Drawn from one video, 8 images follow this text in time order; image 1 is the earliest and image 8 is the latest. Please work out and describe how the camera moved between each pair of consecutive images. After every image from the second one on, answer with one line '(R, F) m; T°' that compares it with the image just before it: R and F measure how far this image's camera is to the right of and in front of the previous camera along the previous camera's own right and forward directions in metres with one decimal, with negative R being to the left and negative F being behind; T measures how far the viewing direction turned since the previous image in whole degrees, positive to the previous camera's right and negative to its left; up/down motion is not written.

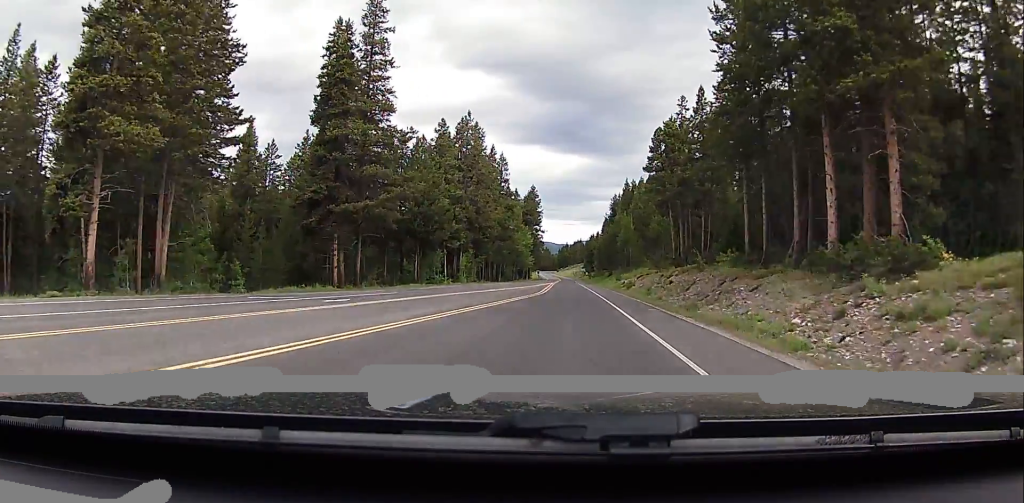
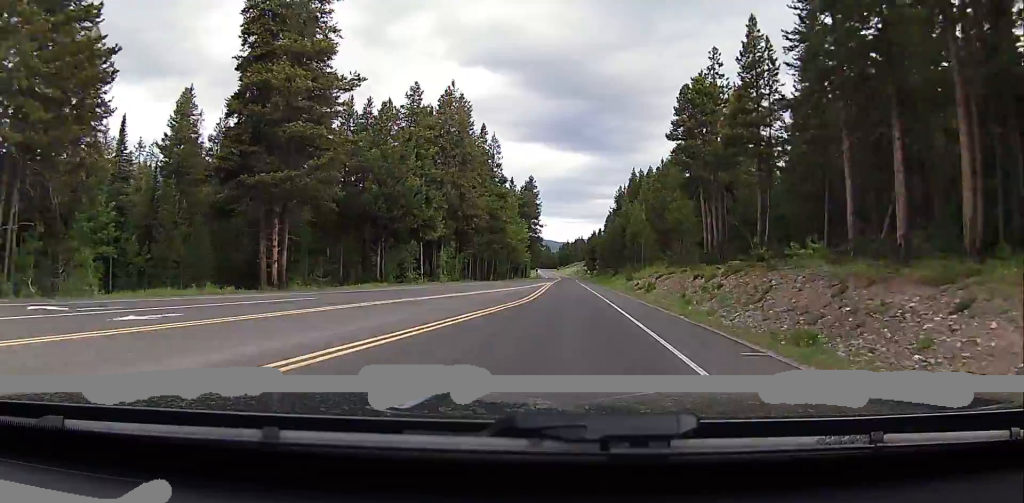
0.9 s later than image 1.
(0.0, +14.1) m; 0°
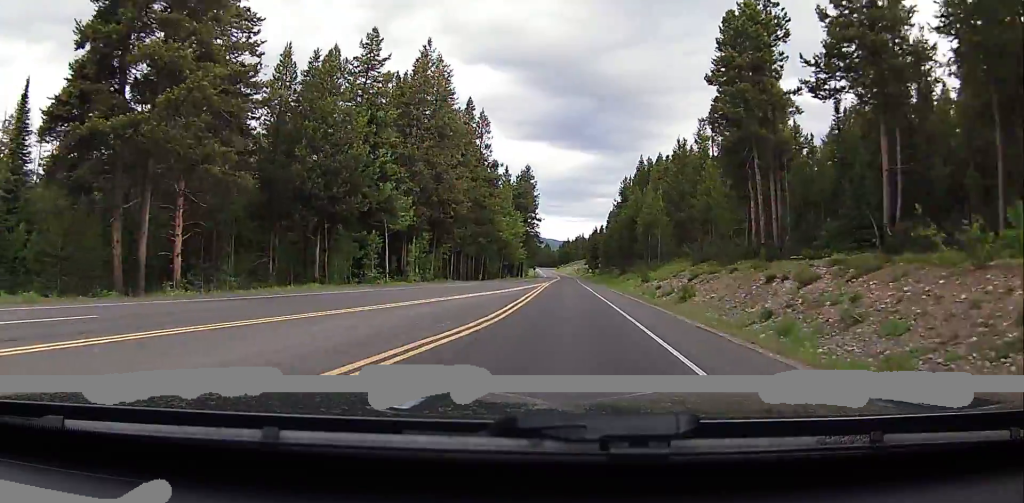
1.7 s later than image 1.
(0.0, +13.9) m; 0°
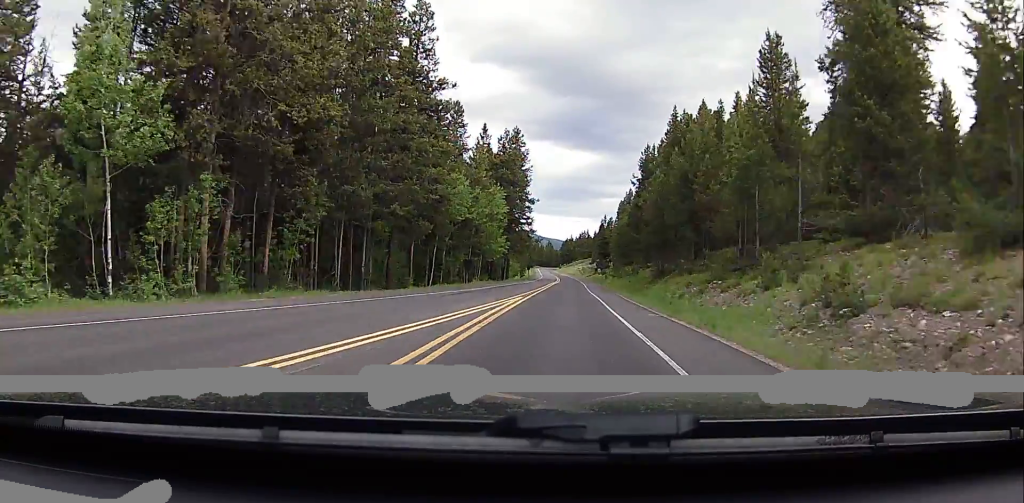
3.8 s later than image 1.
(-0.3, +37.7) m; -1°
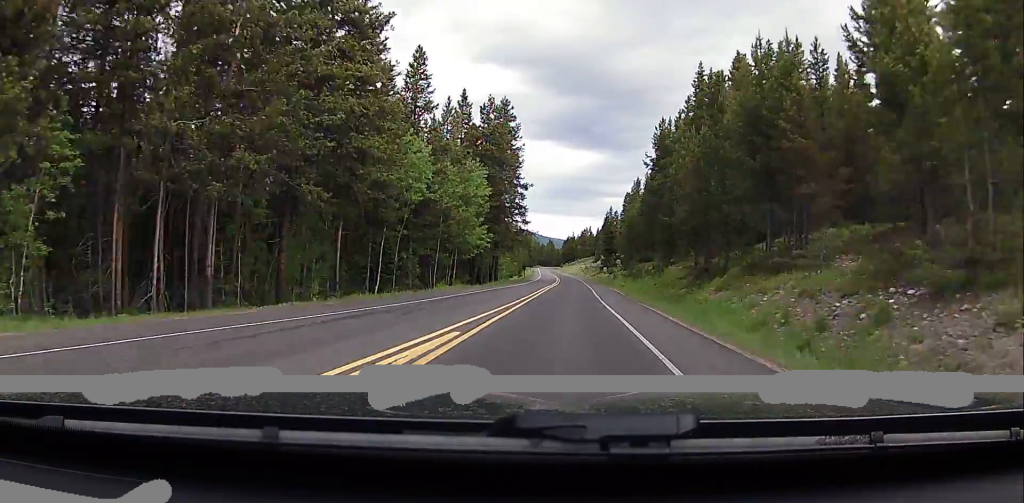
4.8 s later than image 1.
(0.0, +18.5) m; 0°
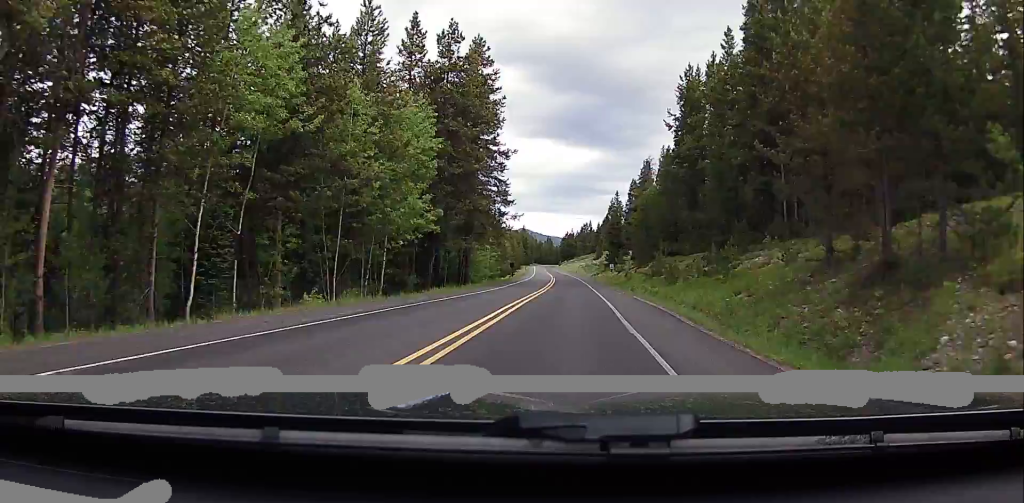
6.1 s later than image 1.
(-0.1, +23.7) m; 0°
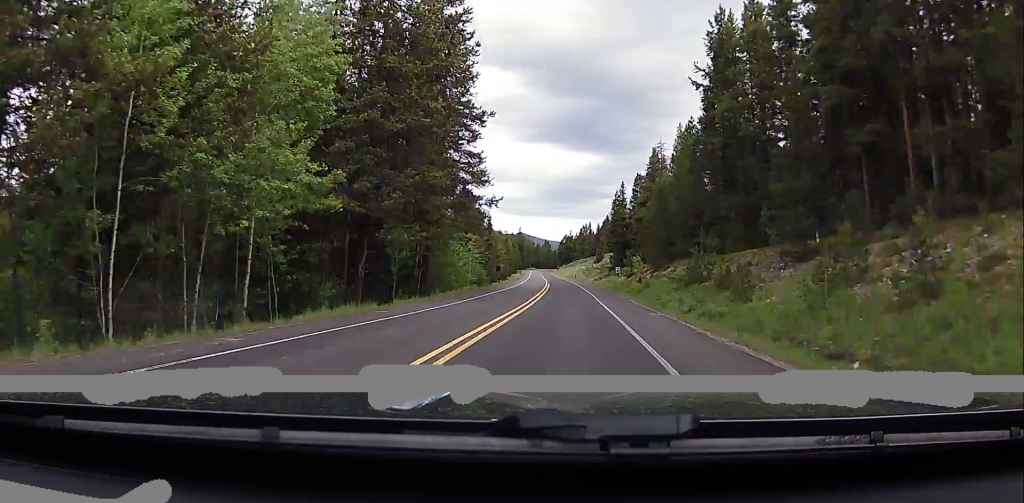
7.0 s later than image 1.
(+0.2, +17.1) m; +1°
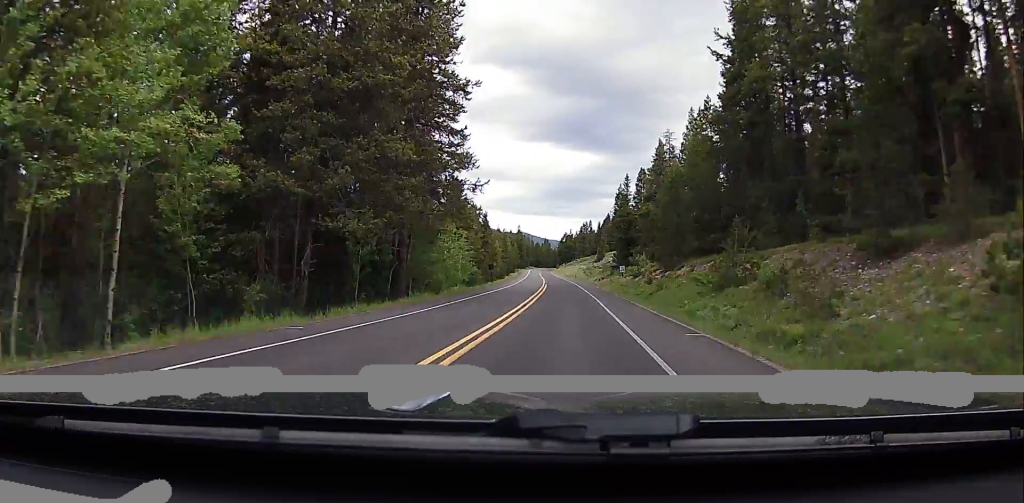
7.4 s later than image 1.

== Prompt ==
Leaving out the pictures, output the listing above exactly as given.

== Reply ==
Drawn from one video, 8 images follow this text in time order; image 1 is the earliest and image 8 is the latest. Please work out and describe how the camera moved between each pair of consecutive images. After every image from the second one on, answer with one line '(R, F) m; T°' that compares it with the image just before it: R and F measure how far this image's camera is to the right of and in front of the previous camera along the previous camera's own right and forward directions in metres with one decimal, with negative R being to the left and negative F being behind; T measures how far the viewing direction turned since the previous image in whole degrees, positive to the previous camera's right and negative to its left; up/down motion is not written.

0.9 s later than image 1.
(0.0, +14.1) m; 0°
1.7 s later than image 1.
(0.0, +13.9) m; 0°
3.8 s later than image 1.
(-0.3, +37.7) m; -1°
4.8 s later than image 1.
(0.0, +18.5) m; 0°
6.1 s later than image 1.
(-0.1, +23.7) m; 0°
7.0 s later than image 1.
(+0.2, +17.1) m; +1°
7.4 s later than image 1.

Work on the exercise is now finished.